## Instructions to follow
A faithful copy of the data, pictures omitted, is the required answer.

## Data for analysis
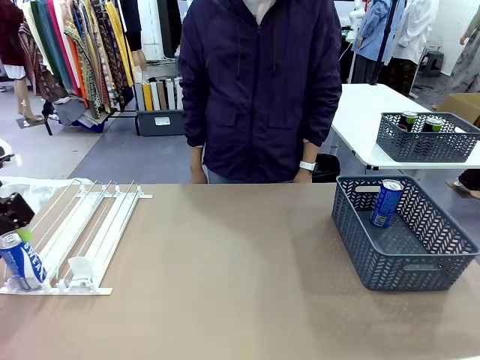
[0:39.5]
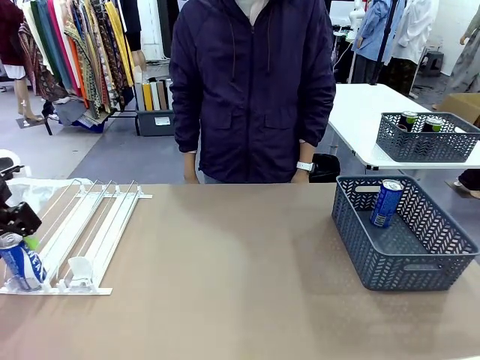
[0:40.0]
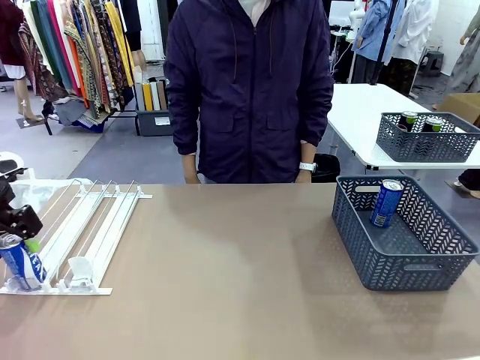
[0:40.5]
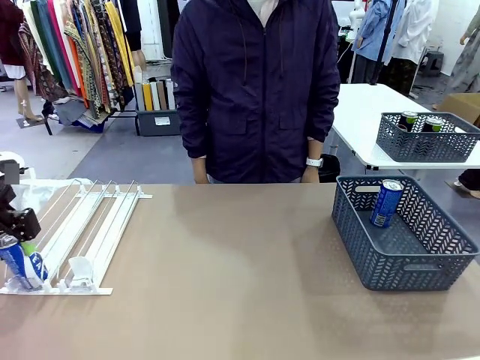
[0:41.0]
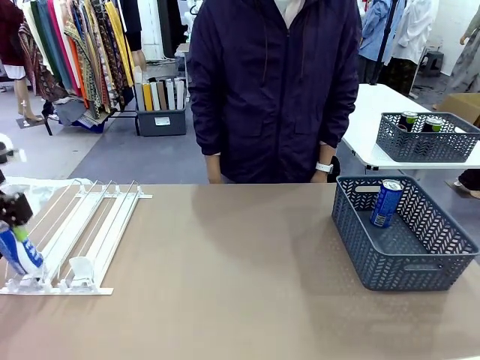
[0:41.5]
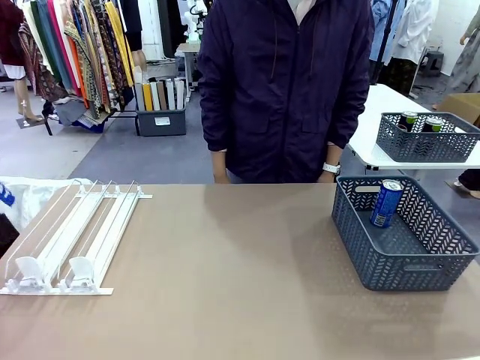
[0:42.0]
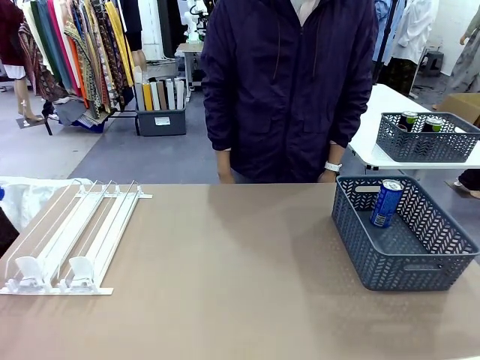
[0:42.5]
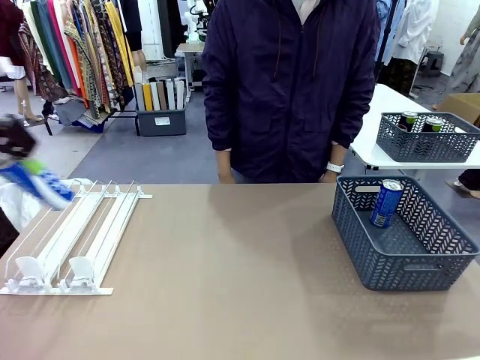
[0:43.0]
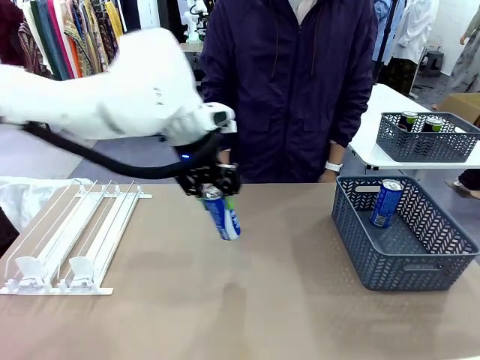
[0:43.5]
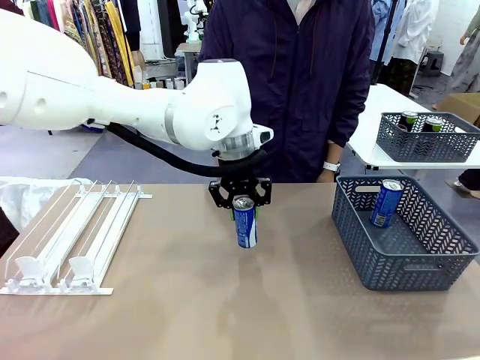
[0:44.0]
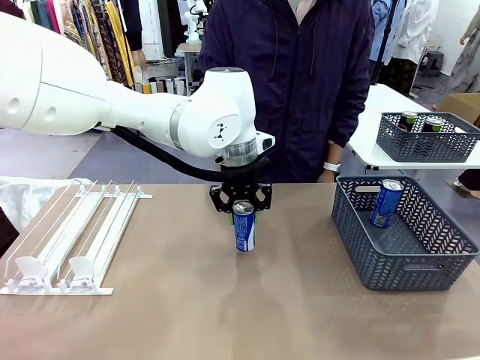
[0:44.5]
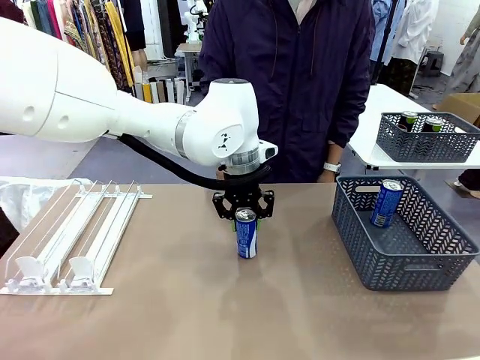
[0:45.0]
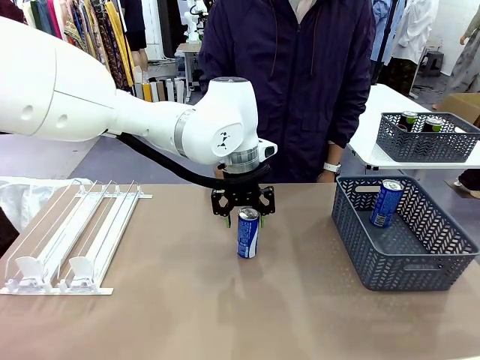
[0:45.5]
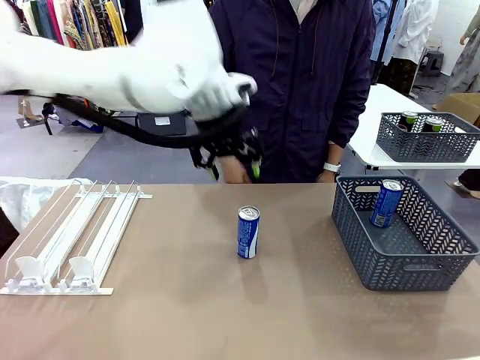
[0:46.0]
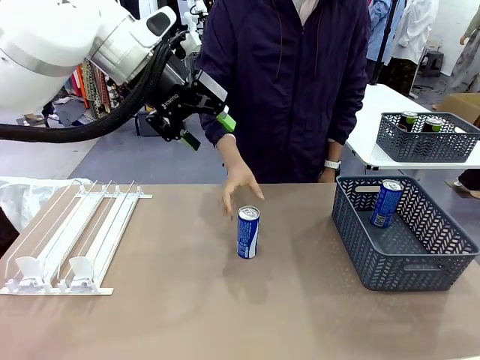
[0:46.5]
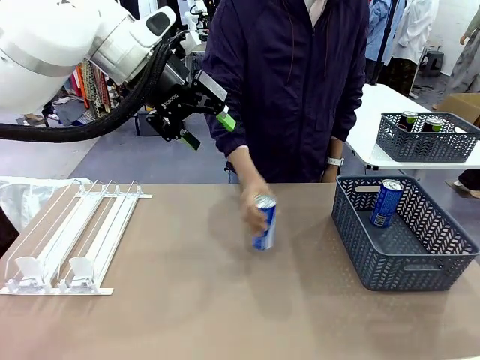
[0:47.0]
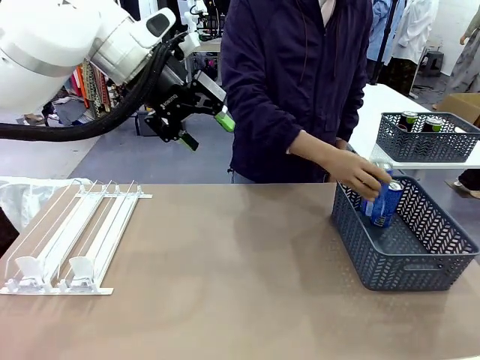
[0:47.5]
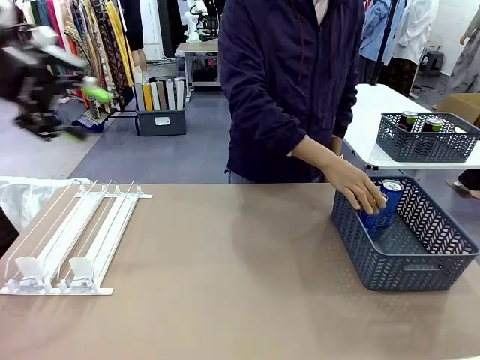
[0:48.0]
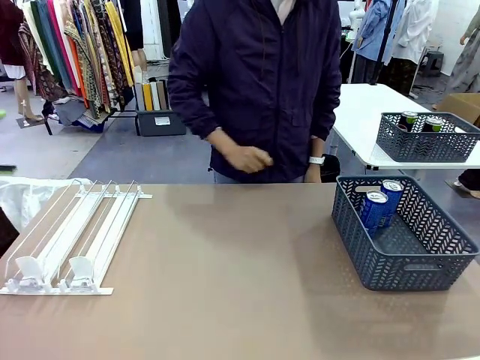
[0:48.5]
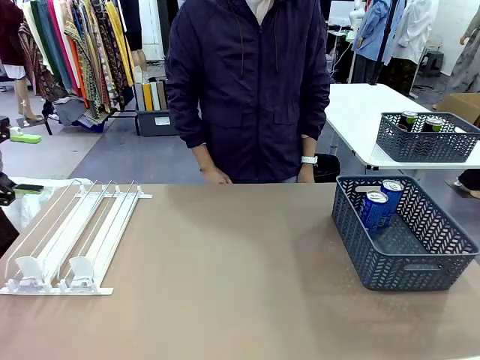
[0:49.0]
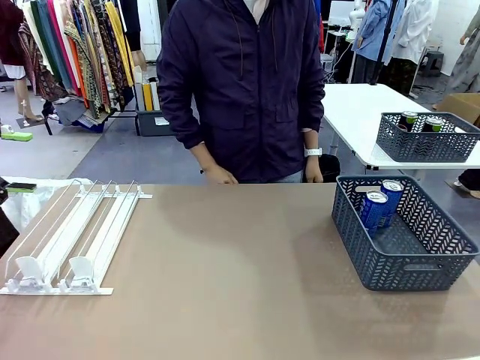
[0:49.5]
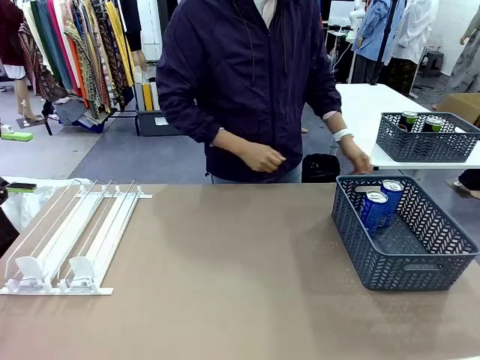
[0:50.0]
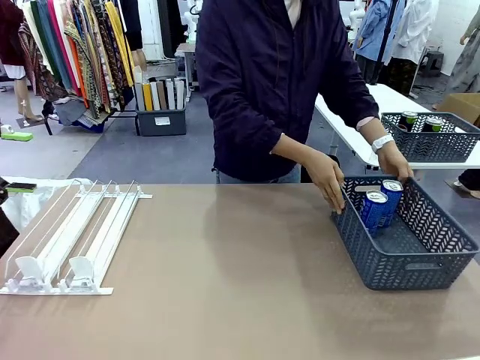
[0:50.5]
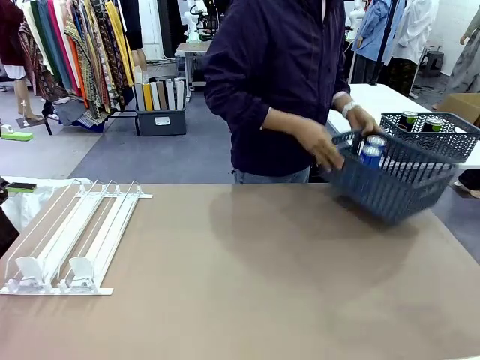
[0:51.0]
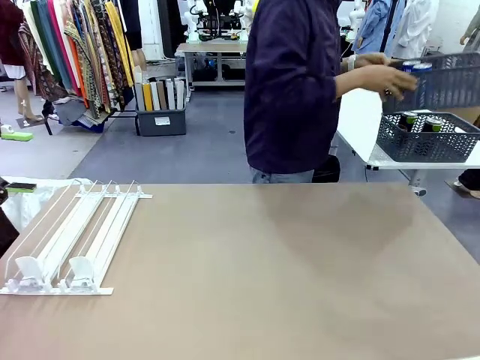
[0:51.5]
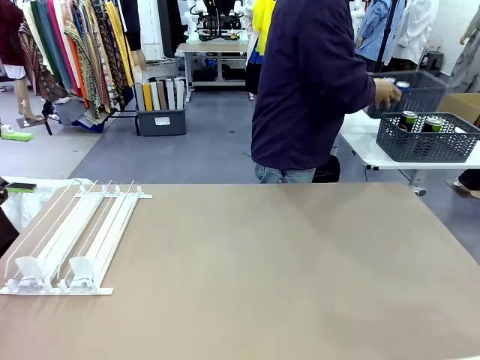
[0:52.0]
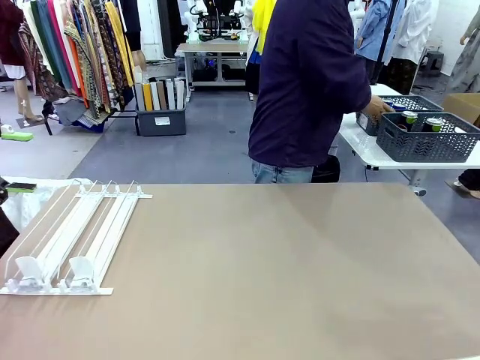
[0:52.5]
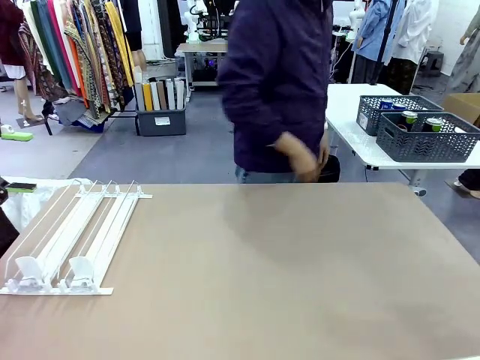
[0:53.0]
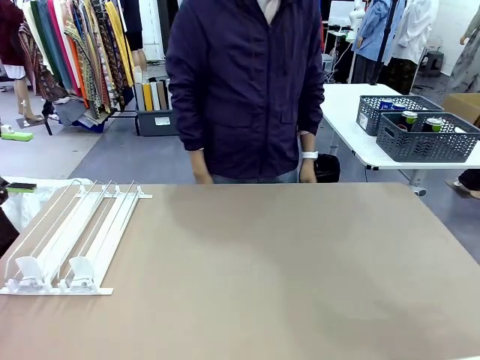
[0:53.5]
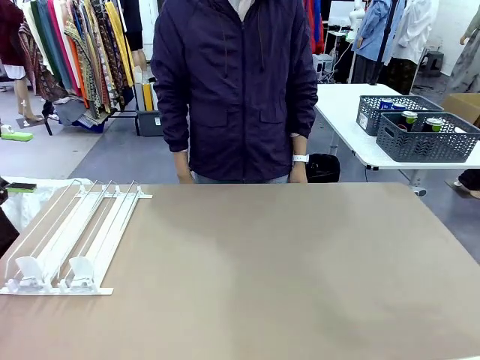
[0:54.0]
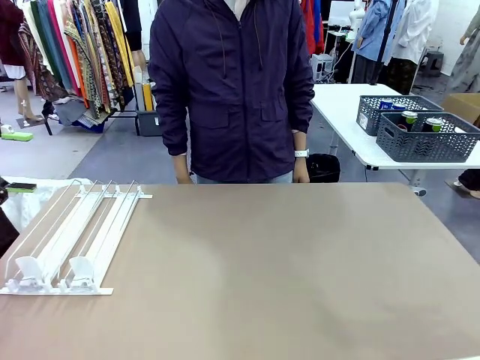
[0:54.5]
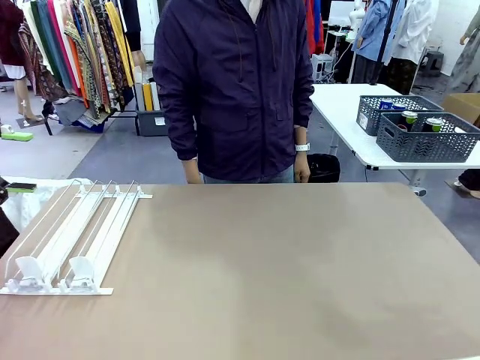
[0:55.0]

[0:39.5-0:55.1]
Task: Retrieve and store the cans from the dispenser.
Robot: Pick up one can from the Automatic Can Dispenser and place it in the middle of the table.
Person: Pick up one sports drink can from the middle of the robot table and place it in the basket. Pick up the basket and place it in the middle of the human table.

## Solution to this task
[0:39.5]
[0:40.0]
[0:40.5]
[0:41.0]
[0:41.5]
[0:42.0]
[0:42.5]
[0:43.0]
[0:43.5]
[0:44.0]
[0:44.5]
[0:45.0]
[0:45.5]
[0:46.0]
[0:46.5]
[0:47.0]
[0:47.5]
[0:48.0]
[0:48.5]
[0:49.0]
[0:49.5]
[0:50.0]
[0:50.5]
[0:51.0]
[0:51.5]
[0:52.0]
[0:52.5]
[0:53.0]
[0:53.5]
[0:54.0]
[0:54.5]
[0:55.0]

[0:39.5-0:55.1]
Task: Retrieve and store the cans from the dispenser.
Robot: Pick up one can from the Automatic Can Dispenser and place it in the middle of the table.
Person: Pick up one sports drink can from the middle of the robot table and place it in the basket. Pick up the basket and place it in the middle of the human table.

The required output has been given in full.